Cadmium, plomb, aluminium… ce que cachent vraiment nos assiettes
L’Agence nationale de sécurité sanitaire publie une étude qui met en lumière l’exposition des Français aux substances toxiques dans l’alimentation.

Ce que mangent les Français passe de nouveau sous le microscope. Jeudi 12 février, l’Agence nationale de sécurité sanitaire (Anses) a publié les premiers résultats d’une étude consacrée aux substances présentes dans notre alimentation. Une enquête d’ampleur, qui révèle une réalité peu rassurante : sur les 700 composés analysés, plus de 250 sont considérés comme potentiellement nocifs. Cadmium, plomb, mercure… autant de noms qui inquiètent, mais que l’on retrouve pourtant dans nos plats du quotidien.
Cette étude, appelée EAT3, est la troisième du genre menée par l’Anses. Si tous les résultats ne sont pas encore disponibles, ce premier volet met déjà en lumière l’acrylamide, une substance qui se forme lors des cuissons à haute température comme la friture, ainsi que cinq métaux lourds : l’argent, le cadmium, le plomb, l’aluminium et le mercure. Pour l’agence, l’exposition à ces contaminants reste trop élevée pour la population.
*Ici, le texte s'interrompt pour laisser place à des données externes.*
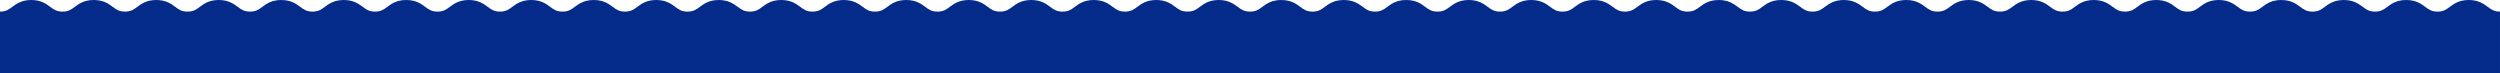 <?xml version="1.0" encoding="UTF-8"?> <svg xmlns="http://www.w3.org/2000/svg" viewBox="0 0 2077.2 60.74"> <defs> <style>.cls-1{fill:#042b8a;}</style> </defs> <title>Asset 4</title> <g id="Layer_2" data-name="Layer 2"> <g id="Layer_1-2" data-name="Layer 1"> <path class="cls-1" d="M2067.08,5.76c-3.45-2.57-7.77-5.76-15.84-5.76s-12.38,3.19-15.84,5.76c-3,2.24-5.21,3.87-10.12,3.87s-7.12-1.63-10.12-3.87C2011.7,3.19,2007.4,0,1999.32,0s-12.39,3.19-15.85,5.76c-3,2.24-5.2,3.87-10.11,3.87s-7.12-1.63-10.12-3.87c-3.47-2.57-7.77-5.76-15.85-5.76S1935,3.19,1931.54,5.76c-3,2.24-5.22,3.87-10.12,3.87S1914.3,8,1911.3,5.76c-3.45-2.57-7.76-5.76-15.84-5.76s-12.38,3.19-15.84,5.76c-3,2.24-5.21,3.87-10.12,3.87s-7.12-1.63-10.12-3.87c-3.47-2.57-7.79-5.76-15.86-5.76s-12.37,3.19-15.84,5.76c-3,2.24-5.22,3.87-10.12,3.87s-7.12-1.63-10.12-3.87C1804,3.19,1799.68,0,1791.6,0s-12.38,3.19-15.84,5.76c-3,2.24-5.24,3.87-10.14,3.87S1758.5,8,1755.5,5.76C1752,3.19,1747.74,0,1739.66,0s-12.39,3.19-15.85,5.76c-3,2.24-5.23,3.87-10.13,3.87s-7.12-1.63-10.12-3.87c-3.45-2.57-7.77-5.76-15.84-5.76s-12.38,3.19-15.84,5.76c-3,2.24-5.21,3.87-10.12,3.87s-7.11-1.63-10.12-3.87C1648.19,3.19,1643.87,0,1635.8,0S1623.42,3.19,1620,5.76c-3,2.24-5.21,3.87-10.12,3.87s-7.12-1.63-10.12-3.87C1596.26,3.19,1592,0,1583.88,0S1571.49,3.19,1568,5.76c-3,2.24-5.2,3.87-10.11,3.87S1550.8,8,1547.8,5.76C1544.33,3.19,1540,0,1532,0s-12.39,3.19-15.85,5.76c-3,2.24-5.22,3.87-10.12,3.87s-7.12-1.63-10.12-3.87C1492.41,3.19,1488.1,0,1480,0s-12.38,3.19-15.84,5.76c-3,2.24-5.21,3.87-10.12,3.87s-7.12-1.63-10.12-3.87c-3.47-2.57-7.79-5.76-15.86-5.76s-12.37,3.19-15.84,5.76c-3,2.24-5.22,3.87-10.12,3.87S1395,8,1392,5.76c-3.45-2.57-7.76-5.76-15.84-5.76s-12.38,3.19-15.84,5.76c-3,2.24-5.24,3.87-10.14,3.87s-7.12-1.63-10.12-3.87C1336.6,3.19,1332.3,0,1324.22,0s-12.39,3.19-15.85,5.76c-3,2.24-5.23,3.87-10.13,3.87s-7.12-1.63-10.12-3.87c-3.45-2.57-7.77-5.76-15.84-5.76s-12.38,3.19-15.84,5.76c-3,2.24-5.21,3.87-10.12,3.87S1239.21,8,1236.2,5.76c-3.45-2.57-7.77-5.76-15.84-5.76S1208,3.19,1204.52,5.76c-3,2.24-5.21,3.87-10.12,3.87s-7.12-1.63-10.12-3.87c-3.46-2.57-7.76-5.76-15.84-5.76s-12.39,3.19-15.85,5.76c-3,2.24-5.2,3.87-10.11,3.87s-7.12-1.63-10.12-3.87c-3.47-2.57-7.77-5.76-15.85-5.76s-12.39,3.19-15.85,5.76c-3,2.24-5.22,3.87-10.12,3.87s-7.12-1.63-10.12-3.87C1077,3.19,1072.66,0,1064.58,0s-12.38,3.19-15.84,5.76c-3,2.24-5.21,3.87-10.12,3.87S1031.5,8,1028.5,5.76C1025,3.19,1020.71,0,1012.64,0s-12.37,3.19-15.84,5.76c-3,2.24-5.22,3.87-10.12,3.87S979.56,8,976.56,5.76C973.11,3.19,968.8,0,960.72,0s-12.38,3.19-15.84,5.76c-3,2.24-5.24,3.87-10.14,3.87S927.62,8,924.62,5.76C921.16,3.19,916.86,0,908.78,0s-12.39,3.19-15.85,5.76c-3,2.24-5.23,3.87-10.13,3.87S875.68,8,872.68,5.76C869.23,3.19,864.91,0,856.84,0S844.46,3.19,841,5.76c-3,2.24-5.21,3.87-10.12,3.87S823.77,8,820.76,5.76C817.31,3.19,813,0,804.92,0s-12.38,3.19-15.84,5.76c-3,2.24-5.21,3.87-10.12,3.87S771.84,8,768.84,5.76C765.38,3.19,761.08,0,753,0s-12.39,3.19-15.85,5.76C734.13,8,732,9.63,727,9.63S719.92,8,716.92,5.76C713.45,3.19,709.15,0,701.07,0s-12.39,3.19-15.85,5.76C682.19,8,680,9.63,675.1,9.63S668,8,665,5.76C661.53,3.19,657.22,0,649.14,0S636.76,3.19,633.3,5.76c-3,2.24-5.21,3.87-10.12,3.87S616.06,8,613.06,5.76C609.59,3.19,605.27,0,597.2,0s-12.37,3.19-15.84,5.76c-3,2.24-5.22,3.87-10.12,3.87S564.12,8,561.12,5.76C557.67,3.19,553.36,0,545.28,0S532.9,3.19,529.44,5.76c-3,2.24-5.24,3.87-10.14,3.87S512.18,8,509.18,5.76C505.72,3.19,501.42,0,493.34,0S481,3.19,477.49,5.76c-3.05,2.24-5.23,3.87-10.13,3.87S460.24,8,457.24,5.76C453.79,3.19,449.47,0,441.4,0S429,3.19,425.56,5.76c-3,2.24-5.21,3.87-10.12,3.87S408.33,8,405.32,5.76C401.87,3.19,397.55,0,389.48,0S377.1,3.19,373.64,5.76c-3,2.24-5.21,3.87-10.12,3.87S356.4,8,353.4,5.76C349.94,3.19,345.64,0,337.56,0s-12.39,3.19-15.85,5.76c-3,2.24-5.2,3.87-10.11,3.87S304.48,8,301.48,5.76C298,3.19,293.71,0,285.63,0s-12.39,3.19-15.85,5.76c-3,2.24-5.22,3.87-10.12,3.87S252.54,8,249.54,5.76C246.09,3.19,241.78,0,233.7,0s-12.38,3.19-15.84,5.76c-3,2.24-5.21,3.87-10.12,3.87S200.62,8,197.62,5.76C194.15,3.19,189.83,0,181.76,0s-12.37,3.19-15.84,5.76c-3,2.24-5.22,3.87-10.12,3.87S148.68,8,145.68,5.76C142.23,3.19,137.92,0,129.84,0S117.46,3.19,114,5.76c-3,2.24-5.24,3.87-10.14,3.87S96.74,8,93.74,5.76C90.28,3.19,86,0,77.9,0S65.51,3.19,62.05,5.76C59,8,56.82,9.63,51.92,9.63S44.8,8,41.8,5.76C38.35,3.19,34,0,26,0S13.58,3.19,10.12,5.76C7.09,8,4.91,9.63,0,9.63V60.74H2077.19v-32h0V9.63C2072.28,9.63,2070.09,8,2067.08,5.76Z"></path> </g> </g> </svg>

Une augmentation des concentrations dans les céréales
Par rapport à la précédente étude nationale réalisée entre 2006 et 2011, les chercheurs observent une baisse globale des concentrations dans les aliments. Mais cette amélioration ne concerne pas tous les produits, loin de là.
« Des augmentations sont observées », notamment dans « certains produits à base de céréales tels le pain, les biscuits sucrés, les viennoiseries ou les pâtes, qui contribuent le plus à notre exposition alimentaire à l’aluminium, au cadmium et au plomb », explique Véronique Sirot, coordinatrice de l’étude. Elle souligne également que « les concentrations de ces contaminants dans certains légumes augmentent, sans que cela ne remette en cause le bénéfice nutritionnel incontestable de leur consommation ».
Ces substances se retrouvent dans notre alimentation pour plusieurs raisons. Morgane Champion, autre coordinatrice de l’enquête, rappelle que de nombreux métaux comme le cadmium, le plomb ou le mercure sont présents « parce qu’ils sont naturellement présents dans l’environnement (…) mais aussi parce que les activités humaines telles que l’agriculture, les industries, ou encore le trafic routier…utilisent ou produisent des éléments-traces métalliques, qui se retrouvent ensuite dans les sols, l’eau ou l’air ». L’Anses prévoit d’ailleurs de publier prochainement une expertise consacrée à l’exposition globale des Français au cadmium, au-delà de la seule alimentation.
L’Anses recommande de consommer deux portions de poisson par semaine
Concernant le méthylmercure, principalement retrouvé dans les poissons, en particulier ceux situés en bout de chaîne alimentaire comme le thon, les niveaux de contamination restent comparables à ceux observés lors du précédent panorama. Afin de limiter les risques de surexposition tout en couvrant les besoins nutritionnels, l’Anses recommande de consommer deux portions de poisson par semaine, dont un poisson gras, en variant les espèces et les lieux d’approvisionnement.
La situation est plus favorable pour le plomb. L’exposition alimentaire, principalement liée à l’eau mais aussi au pain, aux légumes et aux boissons alcoolisées, a fortement diminué. Elle a reculé de 27 % chez les enfants et de 49 % chez les adultes.
Hors métaux lourds, les scientifiques notent également une baisse moyenne des concentrations d’acrylamide dans les aliments auparavant les plus contaminés, comme le café. Cette évolution serait liée à des mesures volontaristes mises en place dans certaines filières.
Malgré ces progrès, l’Anses alerte : l’exposition globale des Français reste trop élevée. L’agence appelle à poursuivre les efforts, notamment pour les frites et les pommes de terre sautées, identifiées comme des sources majeures de contamination potentielle, et à renforcer la surveillance des denrées alimentaires.
– Il y a toujours trop de polluants dans les aliments que l'on consomme, selon l'Anses. www.franceinfo.fr. Consulté le 12 février 2026.